If the image of a shirt soaked with sweat and horse saliva, flecked with tooth chips has not changed your mind, you must wonder how one gets to be an equine dentist. The most obvious answer is to become a large animal vet. Fortunately, that is not the only path to this rewarding career. An interested individual can become certified as an equine dentist through the International Association of Equine Dentistry (

There are a lot of horses in Virginia and the United States and they all need to see a dentist to insure they remain healthy throughout their lives. This need translates into a gratifying business opportunity for someone who wants to work with horses, is good with anxious owners and not afraid of a little dirt and hard work. The first step into the business is a good training program. Secondly, dental technicians must be registered in a few states. In Virginia, newly enacted laws (Virginia State Code, 54.1-3813) regulating equine dental technicians require that an individual be registered with the state, be IAED certified or have five years of experience. Third, there is a financial commitment. The course to acquire the necessary skills and knowledge is about $6000 for tuition with some additional costs to include room, board and travel. Basic tools could cost an additional $4000. Needless to say, as with any business, there are recurring overhead expenses such as transportation and business fees but after it is all taken into account, starting an equine dentistry business is much less expensive than most start-ups.

One of the big advantages to starting into the equine dentistry field is that you do not have to give up your “day job.” Many people go into the field part-time or to provide an additional source of income for their farrier or stable business. Some people become equine dentists to help pay for their education as a vet or something unrelated to horses. One creative equine dentist retired from his first career and travels the country in his motor home, practicing dentistry as he goes!

Those of us who are blessed by living in the Commonwealth of Virginia have the added advantage of The American School of Equine Dentistry ( This program is owned and operated by Dr.

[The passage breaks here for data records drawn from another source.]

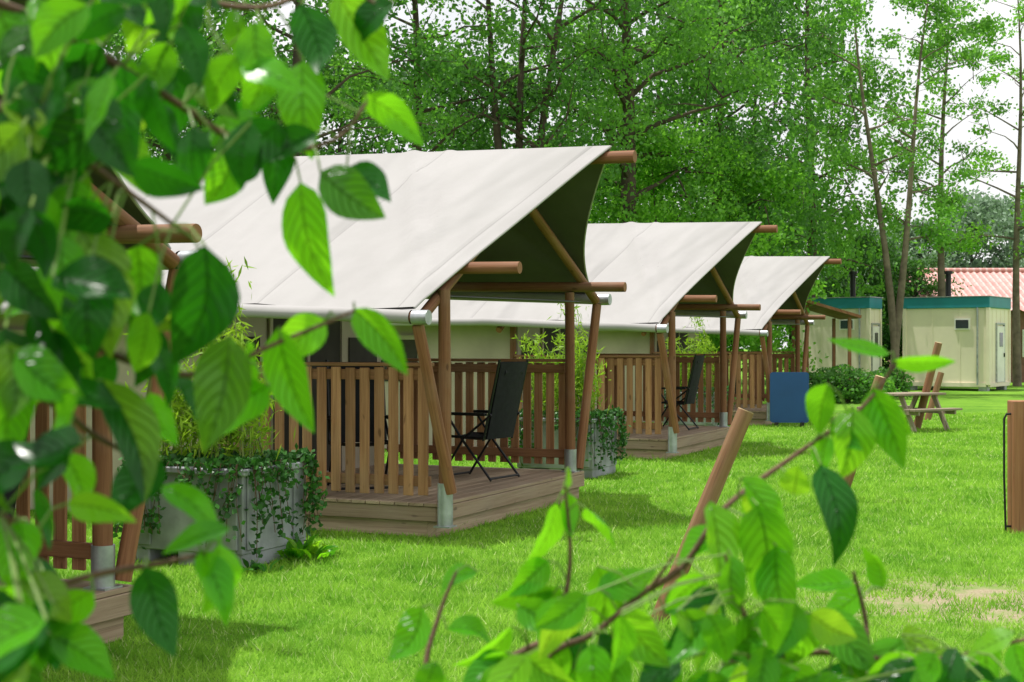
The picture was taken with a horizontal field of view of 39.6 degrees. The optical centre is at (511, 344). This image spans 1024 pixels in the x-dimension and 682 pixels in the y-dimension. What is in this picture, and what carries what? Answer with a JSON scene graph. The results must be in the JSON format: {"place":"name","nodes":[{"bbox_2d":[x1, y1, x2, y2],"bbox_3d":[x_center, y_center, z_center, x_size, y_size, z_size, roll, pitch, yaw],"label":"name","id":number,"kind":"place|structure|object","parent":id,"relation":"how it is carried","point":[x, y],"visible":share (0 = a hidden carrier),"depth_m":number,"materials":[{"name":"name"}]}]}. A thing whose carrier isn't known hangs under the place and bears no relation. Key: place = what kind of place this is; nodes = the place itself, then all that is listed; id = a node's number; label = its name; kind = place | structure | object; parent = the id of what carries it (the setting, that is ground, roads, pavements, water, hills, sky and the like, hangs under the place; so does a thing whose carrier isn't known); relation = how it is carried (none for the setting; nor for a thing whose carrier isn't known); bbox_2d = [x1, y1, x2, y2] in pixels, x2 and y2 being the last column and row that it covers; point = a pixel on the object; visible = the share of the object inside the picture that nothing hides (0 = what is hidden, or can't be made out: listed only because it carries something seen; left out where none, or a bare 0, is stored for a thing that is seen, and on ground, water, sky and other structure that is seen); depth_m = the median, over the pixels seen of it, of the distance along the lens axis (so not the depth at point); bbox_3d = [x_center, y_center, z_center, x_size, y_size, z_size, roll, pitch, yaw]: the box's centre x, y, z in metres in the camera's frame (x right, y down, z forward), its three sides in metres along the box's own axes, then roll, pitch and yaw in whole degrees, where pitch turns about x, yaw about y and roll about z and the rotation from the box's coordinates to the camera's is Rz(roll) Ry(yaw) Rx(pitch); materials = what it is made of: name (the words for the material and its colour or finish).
{"place":"outdoors","nodes":[
{"label":"outdoors","id":0,"kind":"place"},
{"bbox_2d":[14,349,1023,681],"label":"ground","id":1,"kind":"structure","parent":0,"point":[973,399],"depth_m":10.11,"materials":[{"name":"green plant"}]},
{"bbox_2d":[0,0,201,643],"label":"safari tent","id":2,"kind":"object","parent":1,"relation":"on","point":[134,227],"visible":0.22,"depth_m":7.91,"materials":[{"name":"brown wood"}]},
{"bbox_2d":[0,431,27,516],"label":"camping chair","id":3,"kind":"object","parent":2,"relation":"on","point":[9,494],"visible":0.06,"depth_m":7.74,"materials":[{"name":"black metal"}]},
{"bbox_2d":[98,26,218,161],"bbox_3d":[-12.305,-6.052,35.571,10.204,15.611,10.347,0,0,0],"label":"broadleaf tree","id":4,"kind":"object","parent":1,"relation":"on","point":[110,44],"visible":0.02,"depth_m":34.72,"materials":[{"name":"green plant"}]},
{"bbox_2d":[0,0,423,681],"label":"foreground shrub","id":5,"kind":"object","parent":1,"relation":"on","point":[76,102],"visible":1,"depth_m":1.22,"materials":[{"name":"green plant"}]},
{"bbox_2d":[105,0,326,162],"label":"broadleaf tree","id":6,"kind":"object","parent":1,"relation":"on","point":[216,14],"visible":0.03,"depth_m":37.05,"materials":[{"name":"green plant"}]},
{"bbox_2d":[135,461,306,568],"bbox_3d":[-2.251,1.280,10.960,1.090,0.740,0.930,0,0,24],"label":"planter box","id":7,"kind":"object","parent":1,"relation":"on","point":[175,521],"visible":0.45,"depth_m":10.61,"materials":[{"name":"grey metal"}]},
{"bbox_2d":[123,257,295,465],"bbox_3d":[-2.314,0.168,10.962,1.285,1.695,1.200,0,0,24],"label":"bamboo plant","id":8,"kind":"object","parent":7,"relation":"in","point":[182,412],"visible":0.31,"depth_m":10.81,"materials":[{"name":"green plant"}]},
{"bbox_2d":[113,442,329,559],"bbox_3d":[-2.239,1.187,10.962,1.390,0.857,1.223,0,0,24],"label":"ivy","id":9,"kind":"object","parent":7,"relation":"on","point":[236,463],"visible":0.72,"depth_m":10.58,"materials":[{"name":"green plant"}]},
{"bbox_2d":[143,10,344,155],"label":"broadleaf tree","id":10,"kind":"object","parent":1,"relation":"on","point":[216,53],"depth_m":52.31,"materials":[{"name":"green plant"}]},
{"bbox_2d":[242,558,283,572],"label":"broadleaf weed","id":11,"kind":"object","parent":1,"relation":"on","point":[256,566],"visible":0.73,"depth_m":10.17,"materials":[{"name":"green plant"}]},
{"bbox_2d":[135,0,474,155],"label":"broadleaf tree","id":12,"kind":"object","parent":1,"relation":"on","point":[419,63],"visible":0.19,"depth_m":34.61,"materials":[{"name":"green plant"}]},
{"bbox_2d":[275,533,338,559],"bbox_3d":[-1.574,1.540,10.845,0.588,0.188,0.432,0,0,18],"label":"broadleaf weed","id":13,"kind":"object","parent":1,"relation":"on","point":[297,549],"visible":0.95,"depth_m":10.83,"materials":[{"name":"green plant"}]},
{"bbox_2d":[0,145,636,537],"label":"safari tent","id":14,"kind":"object","parent":1,"relation":"on","point":[506,225],"visible":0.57,"depth_m":13.20,"materials":[{"name":"white fabric"}]},
{"bbox_2d":[12,330,64,367],"bbox_3d":[-4.781,0.215,14.013,1.100,0.720,0.051,0,0,24],"label":"window","id":15,"kind":"structure","parent":14,"relation":"in","point":[22,332],"depth_m":14.01,"materials":[{"name":"grey glass"}]},
{"bbox_2d":[222,336,259,379],"bbox_3d":[-2.573,0.300,13.534,0.015,0.750,0.600,0,0,24],"label":"window","id":16,"kind":"structure","parent":14,"relation":"in","point":[254,342],"depth_m":13.73,"materials":[{"name":"black glass"}]},
{"bbox_2d":[269,318,343,470],"bbox_3d":[-2.096,0.387,14.580,0.036,1.925,1.410,0,0,24],"label":"door","id":17,"kind":"structure","parent":14,"relation":"in","point":[332,350],"depth_m":14.74,"materials":[{"name":"black glass"}]},
{"bbox_2d":[325,360,387,491],"bbox_3d":[-1.428,0.747,13.406,0.595,1.199,0.748,0,0,-16],"label":"camping chair","id":18,"kind":"object","parent":14,"relation":"on","point":[357,410],"visible":0.27,"depth_m":13.62,"materials":[{"name":"black metal"}]},
{"bbox_2d":[348,337,376,361],"bbox_3d":[-1.637,0.300,15.635,0.015,0.750,0.600,0,0,24],"label":"window","id":19,"kind":"structure","parent":14,"relation":"in","point":[357,352],"depth_m":15.53,"materials":[{"name":"black glass"}]},
{"bbox_2d":[451,359,528,481],"bbox_3d":[-0.269,0.747,14.306,0.748,1.199,0.595,0,0,31],"label":"camping chair","id":20,"kind":"object","parent":14,"relation":"on","point":[500,419],"visible":0.94,"depth_m":14.11,"materials":[{"name":"black fabric"}]},
{"bbox_2d":[212,19,475,154],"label":"broadleaf tree","id":21,"kind":"object","parent":1,"relation":"on","point":[362,148],"visible":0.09,"depth_m":48.44,"materials":[{"name":"green plant"}]},
{"bbox_2d":[276,0,542,155],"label":"broadleaf tree","id":22,"kind":"object","parent":1,"relation":"on","point":[420,113],"visible":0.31,"depth_m":38.01,"materials":[{"name":"green plant"}]},
{"bbox_2d":[354,43,604,152],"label":"broadleaf tree","id":23,"kind":"object","parent":1,"relation":"on","point":[506,135],"visible":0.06,"depth_m":53.49,"materials":[{"name":"green plant"}]},
{"bbox_2d":[344,0,657,209],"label":"forked tree","id":24,"kind":"object","parent":1,"relation":"on","point":[494,118],"visible":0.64,"depth_m":38.51,"materials":[{"name":"green plant"}]},
{"bbox_2d":[517,416,617,478],"bbox_3d":[0.699,1.280,18.000,1.090,0.740,0.930,0,0,24],"label":"planter box","id":25,"kind":"object","parent":1,"relation":"on","point":[590,469],"visible":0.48,"depth_m":17.62,"materials":[{"name":"grey metal"}]},
{"bbox_2d":[512,303,611,414],"bbox_3d":[0.636,0.168,18.002,1.285,1.695,1.200,0,0,24],"label":"bamboo plant","id":26,"kind":"object","parent":25,"relation":"in","point":[580,365],"visible":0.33,"depth_m":17.85,"materials":[{"name":"green plant"}]},
{"bbox_2d":[508,404,631,470],"bbox_3d":[0.711,1.187,18.002,1.390,0.857,1.223,0,0,24],"label":"ivy","id":27,"kind":"object","parent":25,"relation":"on","point":[599,414],"visible":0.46,"depth_m":17.69,"materials":[{"name":"green plant"}]},
{"bbox_2d":[419,4,733,223],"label":"broadleaf tree","id":28,"kind":"object","parent":1,"relation":"on","point":[586,99],"visible":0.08,"depth_m":53.58,"materials":[{"name":"green plant"}]},
{"bbox_2d":[384,222,777,459],"bbox_3d":[-0.111,-0.156,23.183,8.961,3.608,4.423,0,0,24],"label":"safari tent","id":29,"kind":"object","parent":1,"relation":"on","point":[667,273],"visible":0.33,"depth_m":21.44,"materials":[{"name":"white fabric"}]},
{"bbox_2d":[384,335,416,380],"bbox_3d":[-1.939,0.215,22.238,1.100,0.720,0.051,0,0,24],"label":"window","id":30,"kind":"structure","parent":29,"relation":"in","point":[408,341],"depth_m":22.09,"materials":[{"name":"grey glass"}]},
{"bbox_2d":[521,339,537,387],"bbox_3d":[0.272,0.300,21.754,0.015,0.750,0.600,0,0,24],"label":"window","id":31,"kind":"structure","parent":29,"relation":"in","point":[522,352],"depth_m":21.65,"materials":[{"name":"black glass"}]},
{"bbox_2d":[542,328,575,358],"bbox_3d":[0.749,0.387,22.800,0.036,1.925,1.410,0,0,24],"label":"window","id":32,"kind":"structure","parent":29,"relation":"in","point":[548,331],"depth_m":22.53,"materials":[{"name":"black glass"}]},
{"bbox_2d":[661,354,704,429],"bbox_3d":[2.655,0.747,22.555,0.748,1.199,0.595,0,0,22],"label":"camping chair","id":33,"kind":"object","parent":29,"relation":"on","point":[692,387],"visible":0.72,"depth_m":22.34,"materials":[{"name":"black fabric"}]},
{"bbox_2d":[588,165,643,223],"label":"leafy bush","id":34,"kind":"object","parent":1,"relation":"on","point":[602,201],"depth_m":42.21,"materials":[{"name":"green plant"}]},
{"bbox_2d":[426,0,818,222],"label":"broadleaf tree","id":35,"kind":"object","parent":1,"relation":"on","point":[624,119],"visible":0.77,"depth_m":41.06,"materials":[{"name":"green plant"}]},
{"bbox_2d":[542,0,786,222],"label":"broadleaf tree","id":36,"kind":"object","parent":1,"relation":"on","point":[665,25],"visible":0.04,"depth_m":59.34,"materials":[{"name":"green plant"}]},
{"bbox_2d":[663,392,718,425],"bbox_3d":[3.549,1.280,27.580,1.090,0.740,0.930,0,0,24],"label":"planter box","id":37,"kind":"object","parent":1,"relation":"on","point":[704,423],"visible":0.22,"depth_m":27.12,"materials":[{"name":"grey plastic"}]},
{"bbox_2d":[665,317,718,387],"bbox_3d":[3.486,0.168,27.582,1.285,1.695,1.200,0,0,24],"label":"bamboo plant","id":38,"kind":"object","parent":37,"relation":"in","point":[704,345],"visible":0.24,"depth_m":27.42,"materials":[{"name":"green plant"}]},
{"bbox_2d":[664,385,735,425],"bbox_3d":[3.561,1.187,27.582,1.390,0.857,1.223,0,0,24],"label":"ivy","id":39,"kind":"object","parent":37,"relation":"on","point":[704,390],"visible":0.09,"depth_m":27.04,"materials":[{"name":"green plant"}]},
{"bbox_2d":[588,112,806,359],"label":"leafy bush","id":40,"kind":"object","parent":1,"relation":"on","point":[646,177],"visible":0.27,"depth_m":42.56,"materials":[{"name":"green plant"}]},
{"bbox_2d":[651,407,753,623],"bbox_3d":[1.099,1.088,8.450,0.671,1.429,0.110,0,0,0],"label":"leaning log","id":41,"kind":"object","parent":1,"relation":"on","point":[724,462],"visible":0.7,"depth_m":8.41,"materials":[{"name":"brown wood"}]},
{"bbox_2d":[388,338,1023,681],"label":"foreground shrub","id":42,"kind":"object","parent":1,"relation":"on","point":[779,635],"visible":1,"depth_m":1.57,"materials":[{"name":"green plant"}]},
{"bbox_2d":[595,256,841,425],"bbox_3d":[2.799,-0.156,31.603,8.961,3.608,4.423,0,0,24],"label":"safari tent","id":43,"kind":"object","parent":1,"relation":"on","point":[778,288],"visible":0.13,"depth_m":29.79,"materials":[{"name":"white fabric"}]},
{"bbox_2d":[657,341,666,353],"bbox_3d":[3.182,0.300,30.174,0.015,0.750,0.600,0,0,24],"label":"window","id":44,"kind":"structure","parent":43,"relation":"in","point":[657,341],"depth_m":29.93,"materials":[{"name":"grey glass"}]},
{"bbox_2d":[676,333,688,351],"bbox_3d":[3.659,0.387,31.220,0.036,1.925,1.410,0,0,24],"label":"window","id":45,"kind":"structure","parent":43,"relation":"in","point":[682,335],"depth_m":31.48,"materials":[{"name":"black glass"}]},
{"bbox_2d":[591,0,876,347],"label":"weeping tree","id":46,"kind":"object","parent":1,"relation":"on","point":[762,135],"visible":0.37,"depth_m":45.61,"materials":[{"name":"green plant"}]},
{"bbox_2d":[640,134,833,393],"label":"leafy bush","id":47,"kind":"object","parent":1,"relation":"on","point":[791,179],"visible":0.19,"depth_m":45.12,"materials":[{"name":"green plant"}]},
{"bbox_2d":[638,0,881,341],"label":"broadleaf tree","id":48,"kind":"object","parent":1,"relation":"on","point":[781,101],"visible":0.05,"depth_m":63.59,"materials":[{"name":"green plant"}]},
{"bbox_2d":[770,372,808,427],"bbox_3d":[5.498,1.100,28.200,0.760,1.100,0.300,0,0,4],"label":"blue board","id":49,"kind":"object","parent":1,"relation":"on","point":[789,391],"visible":0.95,"depth_m":28.17,"materials":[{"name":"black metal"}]},
{"bbox_2d":[743,190,867,370],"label":"leafy bush","id":50,"kind":"object","parent":1,"relation":"on","point":[823,273],"visible":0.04,"depth_m":58.92,"materials":[{"name":"green plant"}]},
{"bbox_2d":[689,0,932,323],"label":"weeping tree","id":51,"kind":"object","parent":1,"relation":"on","point":[834,135],"visible":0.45,"depth_m":54.37,"materials":[{"name":"green plant"}]},
{"bbox_2d":[800,367,842,401],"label":"bush","id":52,"kind":"object","parent":1,"relation":"on","point":[811,376],"visible":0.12,"depth_m":40.75,"materials":[{"name":"green plant"}]},
{"bbox_2d":[791,300,861,371],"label":"wooden shelter","id":53,"kind":"object","parent":1,"relation":"on","point":[830,311],"visible":0.43,"depth_m":45.53,"materials":[{"name":"brown wood"}]},
{"bbox_2d":[800,271,882,383],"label":"portable cabin","id":54,"kind":"object","parent":1,"relation":"on","point":[867,325],"visible":0.44,"depth_m":51.59,"materials":[{"name":"metal"}]},
{"bbox_2d":[839,319,853,329],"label":"window","id":55,"kind":"structure","parent":54,"relation":"in","point":[843,324],"depth_m":51.43,"materials":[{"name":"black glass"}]},
{"bbox_2d":[873,326,879,371],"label":"door","id":56,"kind":"structure","parent":54,"relation":"in","point":[876,330],"depth_m":51.48,"materials":[{"name":"white metal"}]},
{"bbox_2d":[809,364,886,402],"bbox_3d":[9.338,1.108,39.992,2.282,1.180,1.889,0,0,0],"label":"bush","id":57,"kind":"object","parent":1,"relation":"on","point":[835,378],"visible":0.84,"depth_m":39.61,"materials":[{"name":"green plant"}]},
{"bbox_2d":[785,223,922,368],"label":"leafy bush","id":58,"kind":"object","parent":1,"relation":"on","point":[885,332],"visible":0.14,"depth_m":63.06,"materials":[{"name":"green plant"}]},
{"bbox_2d":[844,375,883,486],"bbox_3d":[3.616,1.065,14.887,0.580,1.496,0.127,0,0,20],"label":"leaning log","id":59,"kind":"object","parent":1,"relation":"on","point":[849,478],"visible":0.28,"depth_m":14.86,"materials":[{"name":"brown wood"}]},
{"bbox_2d":[846,371,901,400],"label":"bush","id":60,"kind":"object","parent":1,"relation":"on","point":[889,386],"visible":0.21,"depth_m":40.25,"materials":[{"name":"green plant"}]},
{"bbox_2d":[819,222,956,296],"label":"broadleaf tree","id":61,"kind":"object","parent":1,"relation":"on","point":[924,256],"visible":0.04,"depth_m":82.85,"materials":[{"name":"green plant"}]},
{"bbox_2d":[876,366,914,397],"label":"bush","id":62,"kind":"object","parent":1,"relation":"on","point":[900,377],"visible":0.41,"depth_m":42.78,"materials":[{"name":"green plant"}]},
{"bbox_2d":[797,0,1004,387],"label":"birch tree","id":63,"kind":"object","parent":1,"relation":"on","point":[895,314],"visible":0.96,"depth_m":45.90,"materials":[{"name":"green plant"}]},
{"bbox_2d":[857,392,962,431],"bbox_3d":[7.620,1.299,27.300,1.300,0.738,1.470,0,0,-32],"label":"picnic table","id":64,"kind":"object","parent":1,"relation":"on","point":[910,410],"visible":0.68,"depth_m":26.95,"materials":[{"name":"brown wood"}]},
{"bbox_2d":[866,248,971,370],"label":"leafy bush","id":65,"kind":"object","parent":1,"relation":"on","point":[929,287],"visible":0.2,"depth_m":63.35,"materials":[{"name":"green plant"}]},
{"bbox_2d":[914,342,941,427],"bbox_3d":[8.070,0.881,27.707,0.606,1.870,0.158,0,0,29],"label":"leaning log","id":66,"kind":"object","parent":1,"relation":"on","point":[923,401],"visible":0.74,"depth_m":27.65,"materials":[{"name":"brown wood"}]},
{"bbox_2d":[843,0,1017,295],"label":"birch tree","id":67,"kind":"object","parent":1,"relation":"on","point":[988,21],"visible":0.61,"depth_m":55.67,"materials":[{"name":"green plant"}]},
{"bbox_2d":[925,372,943,419],"bbox_3d":[9.181,1.196,31.000,0.474,1.209,0.148,0,0,0],"label":"leaning log","id":68,"kind":"object","parent":1,"relation":"on","point":[937,384],"visible":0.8,"depth_m":30.94,"materials":[{"name":"brown wood"}]},
{"bbox_2d":[880,214,1001,267],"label":"broadleaf tree","id":69,"kind":"object","parent":1,"relation":"on","point":[913,245],"visible":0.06,"depth_m":86.58,"materials":[{"name":"green plant"}]},
{"bbox_2d":[903,271,1011,390],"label":"portable cabin","id":70,"kind":"object","parent":1,"relation":"on","point":[972,334],"visible":0.91,"depth_m":50.78,"materials":[{"name":"metal"}]},
{"bbox_2d":[954,318,969,329],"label":"window","id":71,"kind":"structure","parent":70,"relation":"in","point":[963,323],"depth_m":50.46,"materials":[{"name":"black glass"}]},
{"bbox_2d":[998,326,1004,381],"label":"door","id":72,"kind":"structure","parent":70,"relation":"in","point":[1001,329],"depth_m":51.13,"materials":[{"name":"white metal"}]},
{"bbox_2d":[898,0,1023,385],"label":"birch tree","id":73,"kind":"object","parent":1,"relation":"on","point":[1016,356],"visible":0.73,"depth_m":55.99,"materials":[{"name":"green plant"}]},
{"bbox_2d":[923,185,1023,267],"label":"broadleaf tree","id":74,"kind":"object","parent":1,"relation":"on","point":[987,210],"visible":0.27,"depth_m":84.11,"materials":[{"name":"green plant"}]},
{"bbox_2d":[954,195,1023,266],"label":"broadleaf tree","id":75,"kind":"object","parent":1,"relation":"on","point":[1012,205],"depth_m":91.37,"materials":[{"name":"green plant"}]},
{"bbox_2d":[958,204,1023,267],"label":"broadleaf tree","id":76,"kind":"object","parent":1,"relation":"on","point":[996,261],"visible":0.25,"depth_m":84.67,"materials":[{"name":"green plant"}]},
{"bbox_2d":[1003,400,1023,533],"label":"power post","id":77,"kind":"object","parent":1,"relation":"on","point":[1014,519],"visible":0.9,"depth_m":12.37,"materials":[{"name":"brown wood"}]},
{"bbox_2d":[103,0,1023,348],"label":"sky","id":78,"kind":"structure","parent":0,"point":[882,17],"materials":[{"name":"white"}]},
{"bbox_2d":[887,268,1023,381],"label":"brick building","id":79,"kind":"structure","parent":0,"point":[990,281],"depth_m":64.52,"materials":[{"name":"red tile"}]},
{"bbox_2d":[1022,330,1023,356],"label":"window","id":80,"kind":"structure","parent":79,"relation":"in","point":[1022,330],"depth_m":62.13,"materials":[{"name":"white glass"}]}
]}

Ray Hyde, DVM and his wife Hanina, both of whom are certified by the IAED. The program is four tough weeks long and is designed to help students gain the skills, knowledge and practice required to become IAED certified. The classroom portion of the program covers anatomy, physiology, pharmacology and equine behavior to name a few. Students spend many hours doing practical work on live horses and on practice skulls.

If you enjoy horses and are looking for a way to turn your interest into a good paying career this could be the answer. A good equine dentist can work on one to two thousand head of horses a year. Depending on your location, the going rate is $50 to $200 per visit and wherever there are horses, there is a need. It goes beyond just making a good living. An equine dentist is performing a valuable service for the horse and the owner. As Dr. Hyde says “horses love to eat so we make it comfortable for them to do what they love!”

Students begin their practical work on skulls

Days are spent with archaic looking tools and very large animals!

NOTE: The American School of Equine Dentistry is a private school.